The Broadway production company that owns Hamilton is considering legal action against a McAllen, Texas, church for illegally performing the masterpiece and adding anti-LGBTQ+ messages and biblical themes to the show.
A sermon comparing gayness and addiction was added to Lin-Manuel Miranda's original by the Door Christian Fellowship Ministries.
A spokesperson for Hamilton's New York producers told The Advocate that the unauthorized production was granted permission under strict terms for one subsequent performance after it responded to a cease and desist letter. However, the local production company appears to have violated that too.
YouTuber and podcast host Hemant Mehta posted videos on Twitter that show Alexander Hamilton and Eliza Schuyler Hamilton referring to Jesus as "saving" them during performances and livestreams of Hamilton this weekend.
OnStage Blog, the first to report about the show, noted that Pastor Victor Lopez compared being gay to alcohol and drug addiction after one of the performances.
"He knows exactly what you've gone through," Lopez said, referring to God, according to the video. "You've gone through maybe broken marriages. Maybe you struggle with alcohol, with drugs — with homosexuality — maybe you struggle with other things in life, your finances, whatever, God can help you tonight. He wants to forgive you for your sins."
Church officials told their congregation that they obtained legal permission to produce the show from the Hamilton team. Pastor Roman Gutierrez said in a sermon August 7 that a lawyer had asked him to remove online videos of the performance. He added that the church isn't anti-LGBTQ+ and that everyone is welcome.
The Hamilton spokesperson, however, denied the church had permission to perform the musical.
"Hamilton does not grant amateur or professional licenses for any stage productions and did not grant one to The Door Church," the spokesperson wrote in a statement to The Advocate.
It was on Saturday that the producers were made aware that the Broadway hit had been staged unauthorizedly on Friday, the spokesperson said.
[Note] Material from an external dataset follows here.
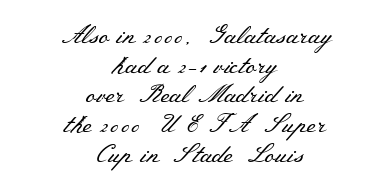
{"bold": "no", "underline": "no", "align": "center", "line_spacing_ratio": 1.19, "letter_spacing": "normal", "letter_spacing_em": 0.0, "glyph_px": 25}

In response, Hamilton's lawyers sent a cease and desist letter requesting the removal of all videos and images from past productions from the internet, including YouTube, TikTok, Facebook, Instagram, and the church's website, the spokesperson said.
Despite the producers' concerns, the church was allowed to hold its Sunday performance as long as it wasn't livestreamed or recorded, and the church posted no photographs or filmed any videos.
After all of the facts surrounding the unauthorized production have been vetted, the spokesperson said, Hamilton's legal team will discuss this matter with those behind this unauthorized production in the coming days.
The spokesperson addressed fans' concerns regarding the anti-LGBTQ+ sermon at the show's end.
"The Hamilton family stands for tolerance, compassion, inclusivity, and certainly LGBTQ+ rights," the spokesperson wrote. "We are in the process of reviewing the unauthorized changes made to the script to determine further action."
They added, "We would like to thank our devoted fans for bringing this to our attention."